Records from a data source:
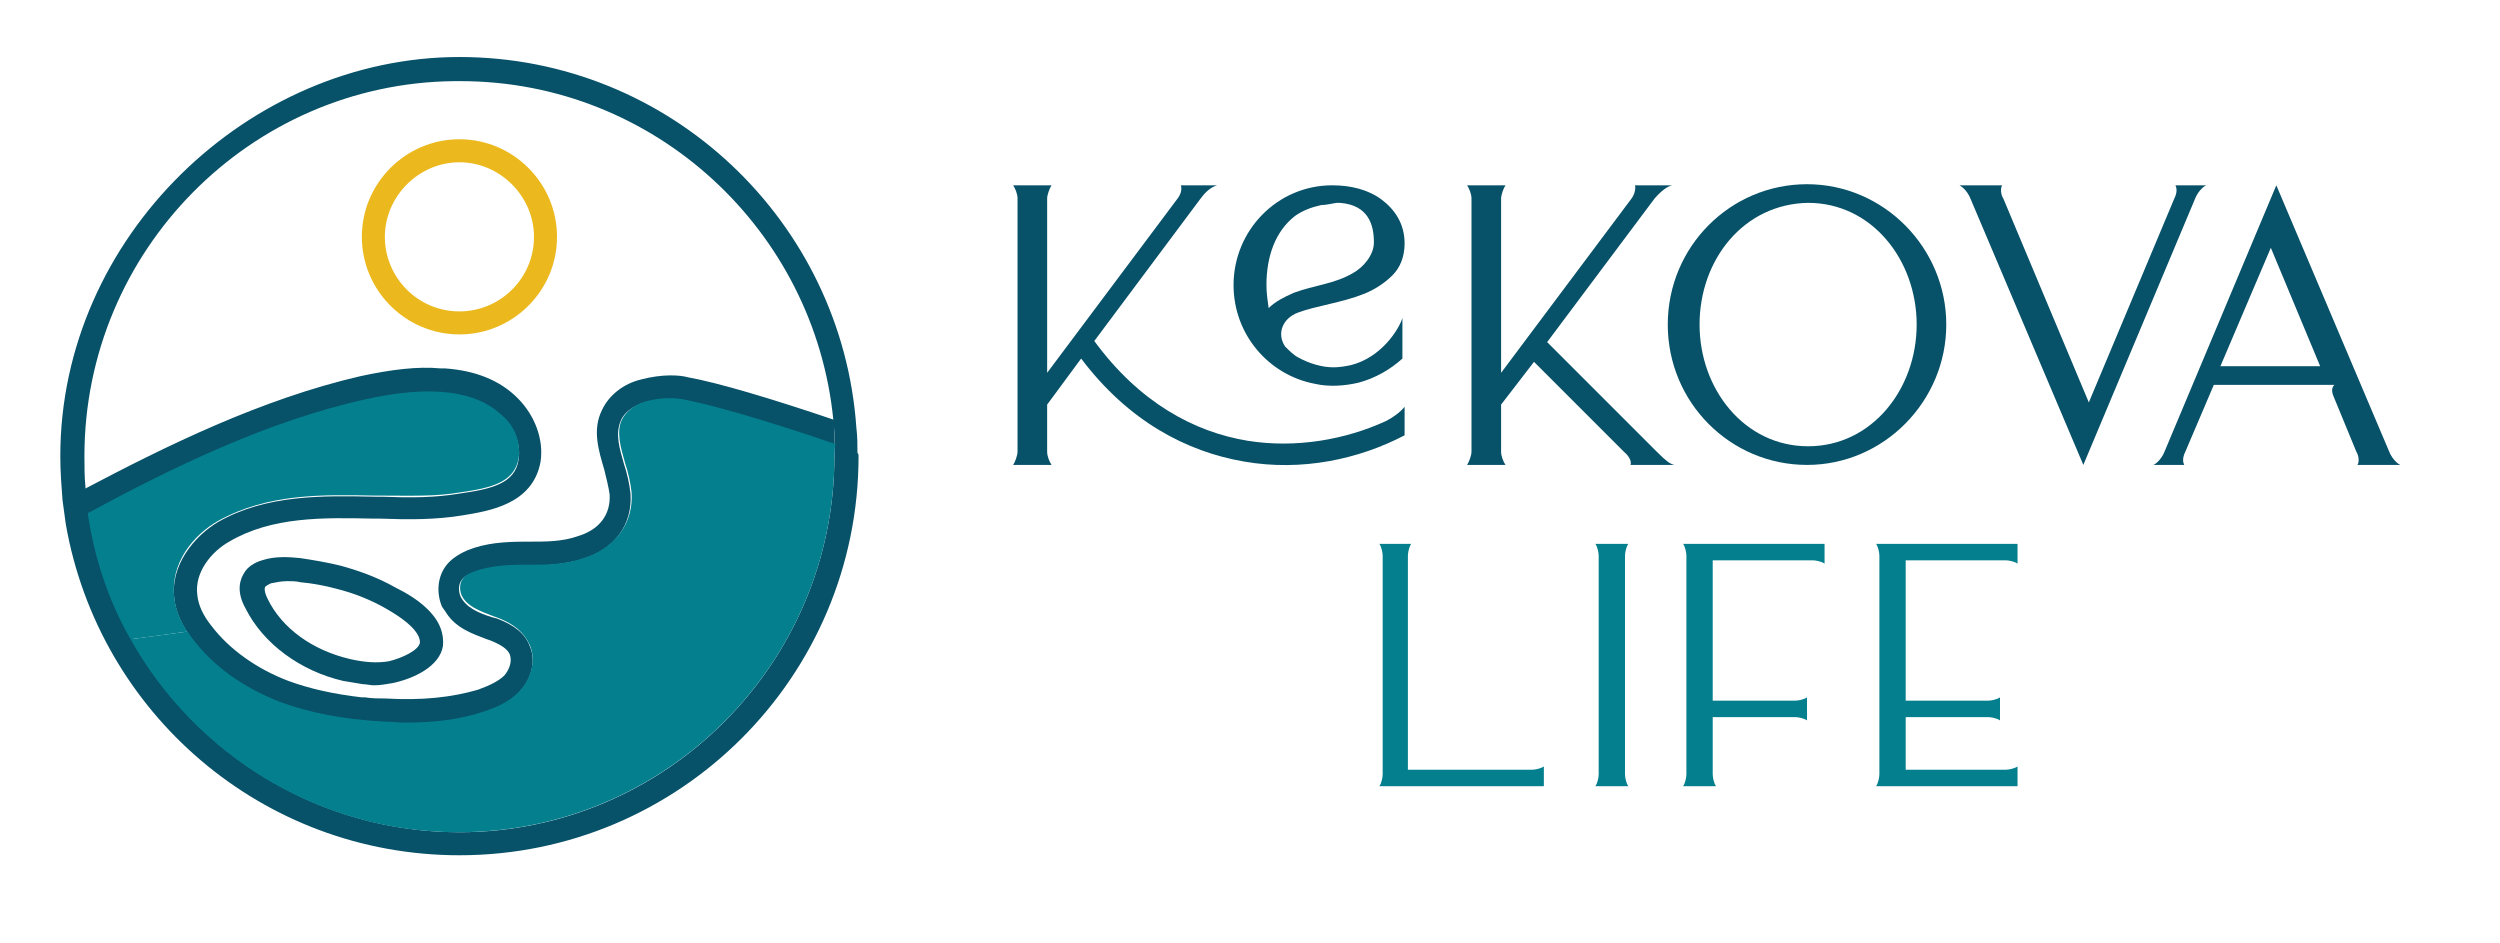 <?xml version="1.0" encoding="UTF-8"?>
<!-- Generator: Adobe Illustrator 27.2.0, SVG Export Plug-In . SVG Version: 6.00 Build 0)  -->
<svg xmlns="http://www.w3.org/2000/svg" xmlns:xlink="http://www.w3.org/1999/xlink" version="1.1" id="Layer_1" x="0px" y="0px" viewBox="0 0 228 86" style="enable-background:new 0 0 228 86;" xml:space="preserve">
<style type="text/css">
	.st0{fill:#075169;}
	.st1{fill:#047F8D;}
	.st2{fill:#EBB91E;}
</style>
<g>
	<path class="st0" d="M111,16.9L111,16.9c-0.7,0.2-1.2,0.8-1.5,1.2l-9.7,13c4.1,5.6,9.1,8.3,14,9.1c4.4,0.7,8.9-0.1,12.6-1.8   c0.6-0.3,1.3-0.8,1.7-1.3v2.6c-4.2,2.2-9.4,3.3-14.6,2.4c-5.3-0.9-10.6-3.7-14.9-9.4l-3.1,4.2v4.3c0,0.4,0.2,0.9,0.4,1.2h-3.5   c0.2-0.3,0.4-0.9,0.4-1.2V18.1c0-0.4-0.2-0.9-0.4-1.2h3.5c-0.2,0.3-0.4,0.9-0.4,1.2V34l11.9-15.9c0.3-0.4,0.4-0.8,0.3-1.2L111,16.9   L111,16.9L111,16.9z M126,18.2c1.2,0.9,2.1,2.2,2.1,4c0,1.2-0.4,2.2-1.1,2.9c-0.7,0.7-1.6,1.3-2.6,1.7c-2,0.8-4.4,1.1-6,1.7   c-1.4,0.5-2,1.9-1.2,3.1c0.4,0.4,0.8,0.8,1.2,1c0.9,0.5,2.1,0.9,3.2,0.9c0.6,0,1.1-0.1,1.6-0.2c2.8-0.7,4.4-3.3,4.7-4.3v3.7   c-1.1,1-2.5,1.8-4,2.2c-1.3,0.3-2.7,0.4-4,0.1c-4.2-0.8-7.4-4.5-7.4-9c0-5,4-9.1,9-9.1C123.2,16.9,124.8,17.3,126,18.2L126,18.2z    M120.5,18.7c-0.9,0.2-1.7,0.5-2.4,1c-1.8,1.4-2.6,3.7-2.6,6.3c0,0.7,0.1,1.4,0.2,2.1c0.6-0.6,1.4-1,2.3-1.4   c1.9-0.7,3.7-0.8,5.4-1.8c0.9-0.5,1.9-1.6,1.9-2.8c0-1.6-0.5-3.4-3.1-3.6c-0.1,0-0.2,0-0.3,0C121.3,18.6,120.9,18.7,120.5,18.7   L120.5,18.7z"></path>
	<path class="st0" d="M137.3,16.9c-0.2,0.3-0.4,0.9-0.4,1.2V34l11.9-15.9c0.3-0.4,0.4-1,0.3-1.2h3.4c-0.4,0.1-0.9,0.4-1.6,1.2   l-9.8,13.1l10,10c0.9,0.9,1.2,1.1,1.6,1.2h-4c0.1-0.2,0-0.7-0.6-1.2l-8.2-8.2l-3,3.9v4.3c0,0.4,0.2,0.9,0.4,1.2h-3.5   c0.2-0.3,0.4-0.9,0.4-1.2V18.1c0-0.4-0.2-0.9-0.4-1.2H137.3L137.3,16.9z"></path>
	<path class="st0" d="M177.5,29.6c0,7-5.7,12.8-12.7,12.8s-12.7-5.7-12.7-12.8s5.7-12.8,12.7-12.8S177.5,22.6,177.5,29.6z M155,29.6   c0,5.9,4.1,11.1,9.9,11.1c5.8,0,9.9-5.2,9.9-11.1s-4.1-11.1-9.9-11.1C159,18.6,155,23.7,155,29.6z"></path>
	<path class="st0" d="M179.7,18.1c-0.2-0.5-0.6-1-1-1.2h3.9c-0.2,0.3-0.1,0.9,0.1,1.2l7.8,18.6l7.8-18.6c0.3-0.6,0.2-1,0.1-1.2h2.8   c-0.4,0.2-0.8,0.7-1,1.2L190,42.4L179.7,18.1L179.7,18.1z"></path>
	<path class="st0" d="M217.9,41.2c0.2,0.5,0.6,1,1,1.2H215c0.2-0.3,0.1-0.9-0.1-1.2l-2.1-5.1c-0.3-0.7,0.1-1,0.1-1h-11l-2.6,6.1   c-0.3,0.6-0.2,1-0.1,1.2h-2.8c0.4-0.2,0.8-0.7,1-1.2l10.2-24.3L217.9,41.2L217.9,41.2z M202.5,33.4h9.1l-4.5-10.8L202.5,33.4   L202.5,33.4z"></path>
	<path class="st1" d="M128.7,49.6c-0.2,0.3-0.3,0.8-0.3,1.1v19.5h11.3c0.3,0,0.8-0.1,1.1-0.3v1.8h-15c0.2-0.3,0.3-0.8,0.3-1.1V50.7   c0-0.3-0.1-0.8-0.3-1.1L128.7,49.6L128.7,49.6z"></path>
	<path class="st1" d="M148.5,49.6c-0.2,0.3-0.3,0.8-0.3,1.1v19.9c0,0.3,0.1,0.8,0.3,1.1h-3c0.2-0.3,0.3-0.8,0.3-1.1V50.7   c0-0.3-0.1-0.8-0.3-1.1H148.5z"></path>
	<path class="st1" d="M166.4,49.6v1.8c-0.3-0.2-0.8-0.3-1.1-0.3h-9.1v12.8h7.5c0.3,0,0.8-0.1,1.1-0.3v2.1c-0.3-0.2-0.8-0.3-1.1-0.3   h-7.5v5.2c0,0.3,0.1,0.8,0.3,1.1h-3c0.2-0.3,0.3-0.8,0.3-1.1V50.7c0-0.3-0.1-0.8-0.3-1.1L166.4,49.6L166.4,49.6z"></path>
	<path class="st1" d="M184,49.6v1.8c-0.3-0.2-0.8-0.3-1.1-0.3h-9.1v12.8h7.5c0.3,0,0.8-0.1,1.1-0.3v2.1c-0.3-0.2-0.8-0.3-1.1-0.3   h-7.5v4.8h9.1c0.3,0,0.8-0.1,1.1-0.3v1.8h-12.9c0.2-0.3,0.3-0.8,0.3-1.1V50.7c0-0.3-0.1-0.8-0.3-1.1L184,49.6L184,49.6z"></path>
</g>
<g>
	<path class="st0" d="M76.1,40.6c-6.9-2.4-11.7-3.7-14-4.1c-0.6-0.1-1.8-0.2-3.3,0.2c-1,0.3-1.9,0.9-2.2,1.7   c-0.5,1.2-0.1,2.5,0.3,3.9c0.3,0.9,0.5,1.8,0.6,2.7c0.2,2.8-1.4,5.1-4.4,6c-1.7,0.5-3.4,0.6-5.1,0.6h-0.2c-1.7,0-3.2,0.1-4.6,0.6   c-0.5,0.2-0.9,0.4-1.1,0.7c-0.3,0.4-0.3,1-0.1,1.5c0.5,1,1.6,1.5,2.9,1.9l0.4,0.1c1.6,0.6,2.6,1.4,3,2.5c0.6,1.3,0.2,3-0.9,4.2   c-1,1.1-2.4,1.6-3.3,1.9c-2.1,0.7-4.4,1-7.2,1c-0.6,0-1.3,0-2-0.1c-3.7-0.2-6.8-0.8-9.4-1.8c-3.3-1.2-6.1-3.2-7.9-5.7   c-0.2-0.3-0.4-0.5-0.5-0.7c-0.7-1.1-1.1-2.1-1.2-3.1c-0.4-3,1.8-5.7,4-7c4.4-2.5,9.5-2.4,14.3-2.3l0.6,0c2.6,0.1,4.9,0.1,7.2-0.3   c2.8-0.4,5-0.9,5.3-3.1c0.2-1.3-0.3-2.8-1.5-3.9c-2.4-2.3-6.5-2.8-12.4-1.5c-9.2,2-18,6.5-25.4,10.4c-0.1-0.8-0.2-1.5-0.3-2.3   c7.4-3.9,16.1-8.2,25.2-10.3c2.8-0.6,5.2-0.9,7.3-0.7c0.1,0,0.3,0,0.4,0c2.8,0.2,5,1.1,6.6,2.7c1.6,1.6,2.4,3.8,2.1,5.8   c-0.7,3.9-4.7,4.5-7.1,4.9c-2.4,0.4-4.9,0.4-7.5,0.3l-0.6,0c-4.6-0.1-9.3-0.2-13.2,2.1c-1.6,0.9-3.2,2.8-2.9,4.9   c0.1,0.9,0.5,1.8,1.3,2.8c1.6,2.1,4.1,3.9,7,5c1.9,0.7,4.1,1.2,6.7,1.5h0c0.1,0,0.2,0,0.3,0c0.6,0.1,1.2,0.1,1.8,0.1   c3.4,0.2,6.1-0.1,8.5-0.8c1.1-0.4,1.9-0.8,2.4-1.3c0.5-0.6,0.7-1.3,0.5-1.9c-0.2-0.5-0.8-0.9-1.8-1.3l-0.3-0.1   c-1.3-0.5-2.8-1-3.7-2.4c-0.1-0.2-0.3-0.4-0.4-0.6c-0.5-1.2-0.4-2.6,0.3-3.6c0.4-0.6,1.1-1.1,2-1.5c1.7-0.7,3.5-0.8,5.4-0.8h0.2   c1.6,0,3.1,0,4.5-0.5c2-0.6,3-2,2.9-3.8c-0.1-0.7-0.3-1.5-0.5-2.3c-0.5-1.7-1.1-3.6-0.2-5.4c0.6-1.3,1.9-2.4,3.6-2.8   c1.9-0.5,3.5-0.4,4.2-0.2c2.8,0.5,7.8,2,13.4,3.9C76,39,76.1,39.8,76.1,40.6L76.1,40.6z"></path>
	<path class="st0" d="M39.4,56c-1-1.2-2.5-2-3.3-2.4c-1.6-0.9-3.2-1.5-5-2c-1.2-0.3-2.4-0.5-3.7-0.7c-1-0.1-2.3-0.2-3.5,0.2   c-0.7,0.2-1.3,0.6-1.6,1.1c-0.4,0.6-0.8,1.7,0.1,3.3c1.6,3.2,5,5.7,8.9,6.6c0.6,0.1,1.2,0.2,1.8,0.3c0.3,0,0.7,0.1,1,0.1   c0.6,0,1.1-0.1,1.7-0.2c1.9-0.4,4.3-1.5,4.6-3.4C40.5,57.8,40.1,56.8,39.4,56L39.4,56z M38.3,58.6c-0.1,0.7-1.6,1.4-2.8,1.7   c-1.1,0.2-2.3,0.1-3.6-0.2c-3.4-0.8-6.2-2.8-7.5-5.5c-0.3-0.6-0.3-1-0.2-1.1c0,0,0.1-0.1,0.5-0.3c0.5-0.1,1-0.2,1.5-0.2   c0.4,0,0.8,0,1.2,0.1c1.1,0.1,2.2,0.3,3.3,0.6c1.6,0.4,3.1,1,4.5,1.8C38,57.1,38.3,58.1,38.3,58.6L38.3,58.6z"></path>
	<path class="st0" d="M78.2,41.3c0-0.8,0-1.5-0.1-2.3C76.8,20.2,61.1,5.2,41.9,5.2S5.5,21.6,5.5,41.6c0,1.4,0.1,2.7,0.2,4   c0.1,0.8,0.2,1.5,0.3,2.2C9,65,23.9,78,41.9,78c20.1,0,36.4-16.3,36.4-36.4C78.3,41.5,78.3,41.4,78.2,41.3L78.2,41.3z M41.9,75.9   c-12.8,0-24-7.1-29.9-17.6c-2-3.5-3.3-7.4-3.9-11.5c-0.1-0.8-0.2-1.5-0.3-2.3c-0.1-1-0.1-2-0.1-2.9c0-18.7,15.1-34,33.7-34.2   c0.2,0,0.3,0,0.5,0h0.1c17.7,0,32.3,13.6,34,30.9c0.1,0.8,0.1,1.5,0.1,2.3c0,0.3,0,0.7,0,1C76.1,60.5,60.7,75.9,41.9,75.9   L41.9,75.9z"></path>
	<path class="st1" d="M47.3,41.8c-0.4,2.2-2.5,2.7-5.3,3.1c-2.3,0.4-4.6,0.3-7.2,0.3l-0.6,0c-4.8-0.1-9.8-0.2-14.3,2.3   c-2.3,1.3-4.4,3.9-4,7c0.1,1,0.5,2.1,1.2,3.1l-5.2,0.7c-2-3.5-3.3-7.4-3.9-11.5c7.4-4,16.3-8.4,25.4-10.4c5.9-1.3,10-0.8,12.4,1.5   C47,38.9,47.5,40.4,47.3,41.8L47.3,41.8z"></path>
	<path class="st1" d="M76.1,41.6c0,18.9-15.4,34.3-34.3,34.3c-12.8,0-24-7.1-29.9-17.6l5.2-0.7c0.2,0.2,0.3,0.5,0.5,0.7   c1.9,2.5,4.6,4.4,7.9,5.7c2.7,1,5.8,1.6,9.4,1.8c0.7,0,1.4,0.1,2,0.1c2.8,0,5.1-0.3,7.2-1c0.9-0.3,2.3-0.8,3.3-1.9   c1.1-1.2,1.5-2.9,0.9-4.2c-0.5-1.1-1.4-1.9-3-2.5L45,56.2c-1.3-0.5-2.4-0.9-2.9-1.9c-0.2-0.5-0.2-1.1,0.1-1.5   c0.2-0.3,0.5-0.5,1.1-0.7c1.4-0.5,2.9-0.6,4.6-0.6h0.2c1.7,0,3.4,0,5.1-0.6c2.9-0.9,4.6-3.2,4.4-6c-0.1-0.9-0.3-1.8-0.6-2.7   c-0.4-1.4-0.8-2.8-0.3-3.9c0.4-0.8,1.2-1.4,2.2-1.7c1.5-0.4,2.7-0.3,3.3-0.2c2.2,0.4,7,1.7,14,4.1C76.1,40.9,76.1,41.3,76.1,41.6   L76.1,41.6z"></path>
	<path class="st2" d="M41.9,12.7c-4.9,0-8.9,4-8.9,8.9s4,8.9,8.9,8.9s8.9-4,8.9-8.9S46.8,12.7,41.9,12.7L41.9,12.7z M41.9,28.4   c-3.8,0-6.8-3.1-6.8-6.8s3.1-6.8,6.8-6.8s6.8,3.1,6.8,6.8C48.7,25.4,45.6,28.4,41.9,28.4z"></path>
</g>
</svg>

Assigned task: Pull out all lines from the entries above that include the word "style".

Task output:
<svg xmlns="http://www.w3.org/2000/svg" xmlns:xlink="http://www.w3.org/1999/xlink" version="1.1" id="Layer_1" x="0px" y="0px" viewBox="0 0 228 86" style="enable-background:new 0 0 228 86;" xml:space="preserve">
<style type="text/css">
</style>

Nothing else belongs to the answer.